Dla mnie „Zauroczenie” To mistrzowska książka kiedy zaczynałam czytać nie mogłam się oderwać, wszędzie zabierałam ją ze sobą nie chciałam jej zostawiać bo kiedy jej nie czytałam to nie ważne co bym robiła by mi się nudziło, Obecnie czytam Pustkowie a potem  poszukam gdzieś w necie kolejnych części sagi o ludziach lodu bo nie chce przerywać obecnej książki , Pozdro dla wszystkich BYE 😉 :*  <333

KoZa
Reply to  Roksana Piotrowska
13 lat temu

Grunt, to znajdować przyjemność w czytaniu. :]
Witam na moim blogu, zdaje się, że to Twój pierwszy komentarz u mnie. :]

Cardio
Cardio
12 lat temu

Hm… Cóż można napisać w kwestii Sagi o Ludziach Lodu – kultowego czytadła pochłanianego pod kocem z latarką w wieku lat właśnie około 12 (choć ja pochłonęłam całe 47 tomów kilka razy, mając nieco więcej na liczniku)? Chyba nic, co miałoby kogokolwiek przekonać, że jest to książka wysokich lotów. Nie dlatego się ją czyta. To fenomenalny sposób na to, aby się oderwać, kompletnie wyłączyć. Każdy tom ma około 276 stron, które czyta się w ciągu wieczoru, z nastawieniem na nieskomplikowaną rozrywkę o zabarwieniu nieskomplikowanego romansidła. Nie wiem, czy podjęłabym się recenzji tej niesamowitej, choć niekiedy wyjątkowo płytko opisanej historii. Jest to opowieść pełna prostych, jednowarstwowych opisów relacji międzyludzkich – jak jest miłość to jest po grób, jak jest nikczemność – również. Oczywiście są tam elementy, które bywają tak bzdurne, że aż śmieszne (choćby 29. tom – spotkanie z Lucyferem). Nie można jednak Sadze o Ludziach Lodu odmówić dobrego splecenia ze sobą wielu wątków – historycznego tła politycznego i baśniowego, typowo obyczajowego i magicznego.
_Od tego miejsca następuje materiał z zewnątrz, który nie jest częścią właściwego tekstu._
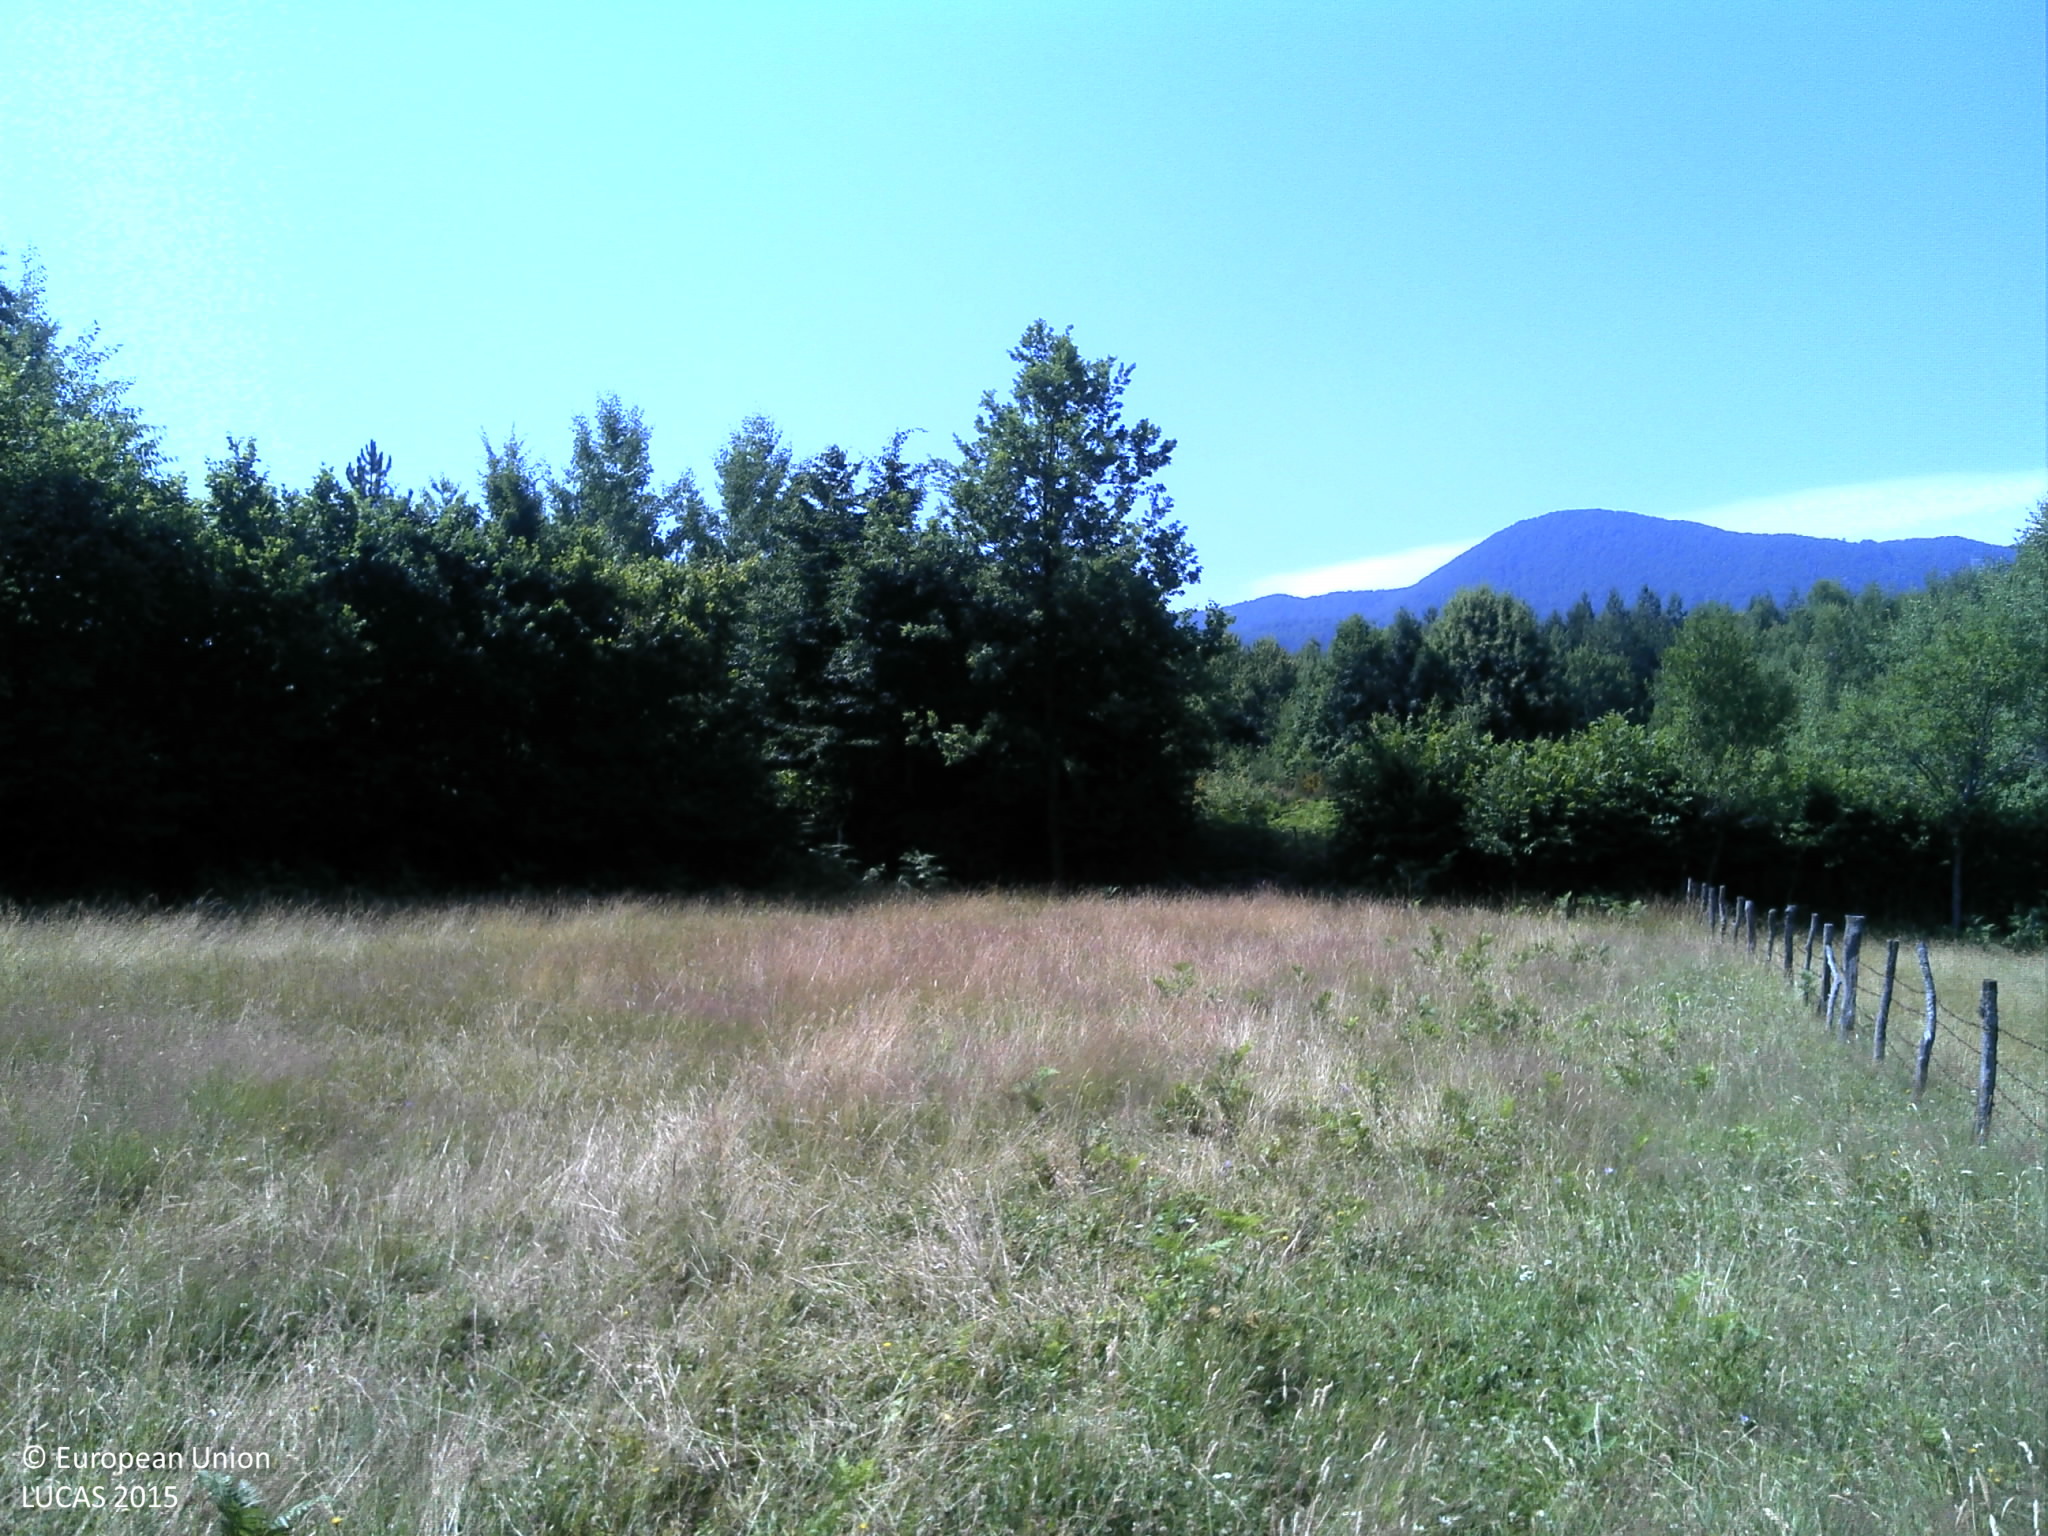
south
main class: Cropland
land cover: Other fruit trees and berries
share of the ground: 25 - 50 %
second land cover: Grassland without tree/shrub cover
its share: > 75 %
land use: Agriculture (excluding fallow land and kitchen gardens)
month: July
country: HR
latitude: 44.6370
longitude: 15.1748
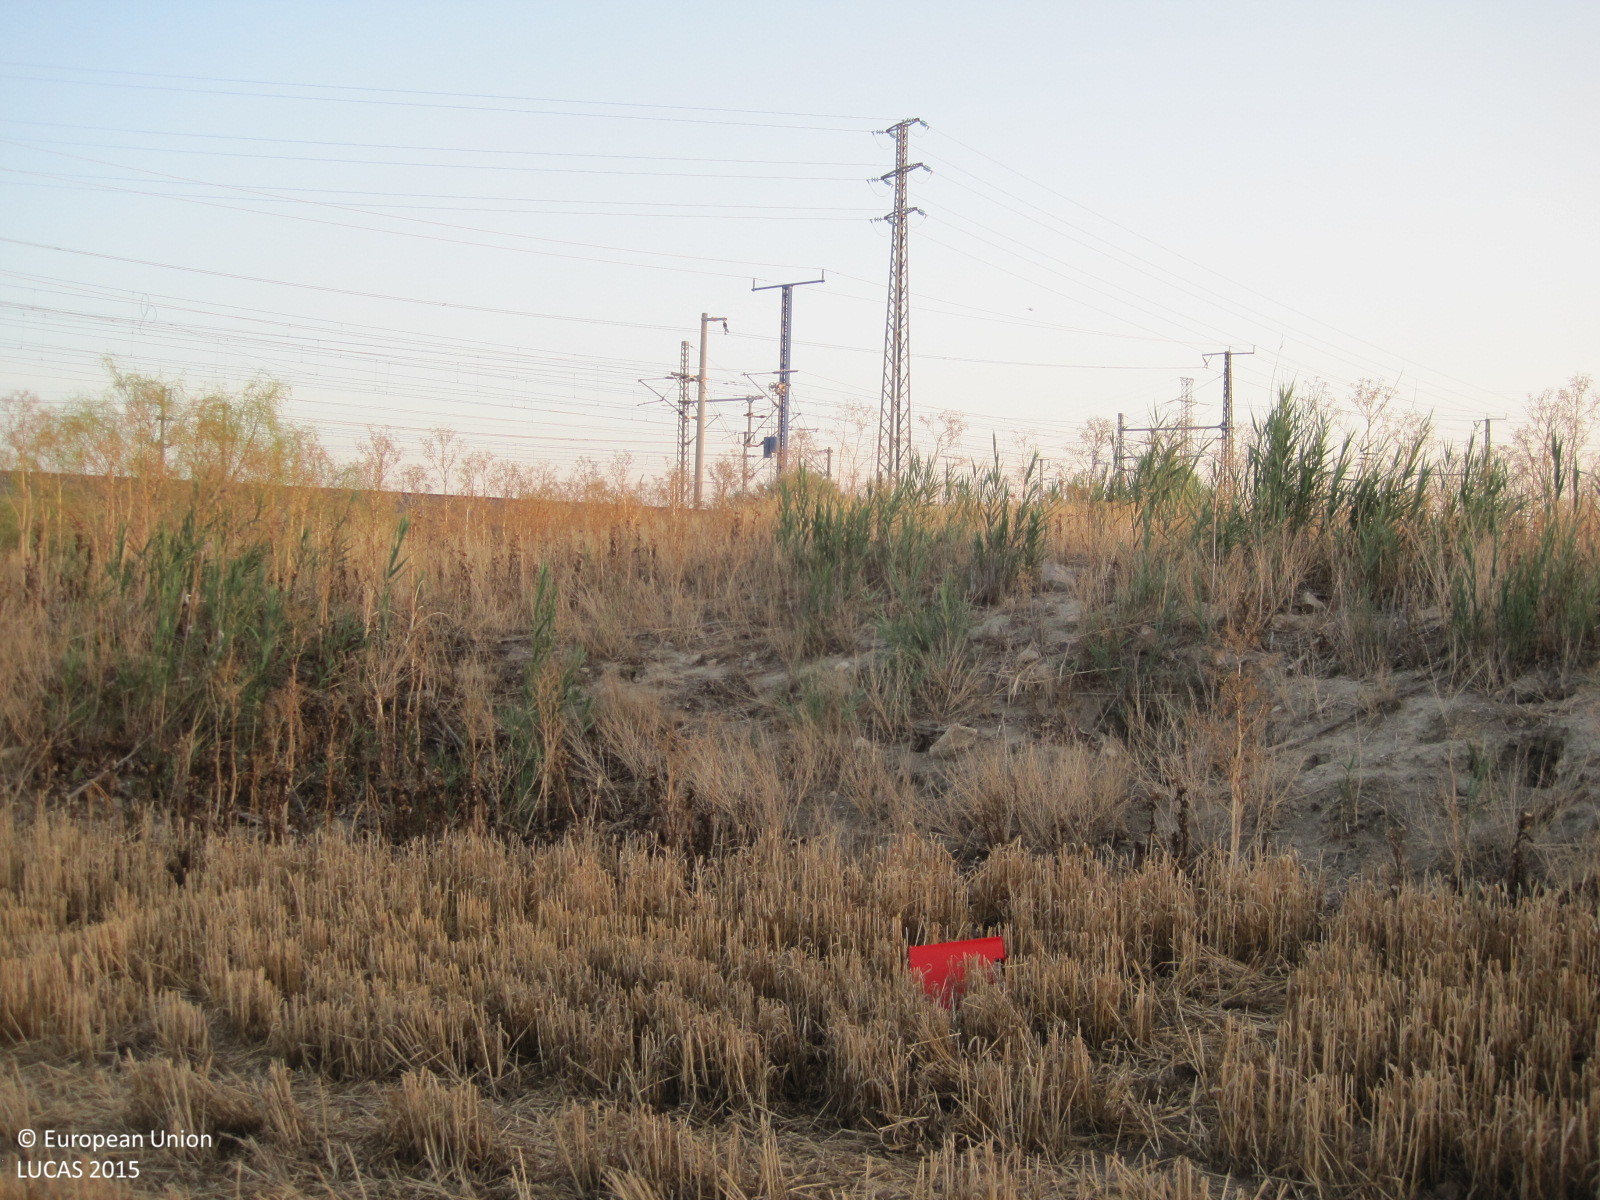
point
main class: Cropland
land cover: Triticale
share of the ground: < 10 %
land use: Agriculture (excluding fallow land and kitchen gardens)
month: July
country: ES
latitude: 39.9778
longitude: -3.8390

I czegoś – czegoś co mnie urzekło i urzeka za każdym razem, gdy sięgam po kolejne tomy, ot tak – dla rozrywki. To seria, która nosi w sobie wszelkie znamiona bycia „guilty pleasure”. Każdy ma właśnie taką słabostkę – i to jest właśnie w takich przypadkach urocze 😉
Pozdrawiam serdecznie.

KoZa
Reply to  Cardio
12 lat temu

Przede wszystkim, witam na blogu – to chyba Twój pierwszy komentarz u mnie. :]
Powiem tak – z „guilty pleasure” się nie dyskutuje. Pisze to człowiek, który 3-4 razy widział całego Dragon Balla Z. Rozumiem, że są takie serie w życiu człowieka, które po prostu „wchodzą”, cieszą i bawią. I nic się na to nie poradzi.

Cardio
Cardio
Reply to  KoZa
12 lat temu

A, witam, witam. Temat „guilty pleasure” jest w ogóle zabawny zwłaszcza, że często wkręcają się człowiekowi niewiarygodne bzdury i nie chcą go opuścić. Ja sama mam całą listę kretyńskich pozycji, którymi jestem bezgranicznie urzeczona, jednocześnie będąc w pełni świadomą, że nie jest to książka/film/utwór muzyczny szczególnie wysokich lotów. Paradoks? Może, ale za to jaki przyjemny!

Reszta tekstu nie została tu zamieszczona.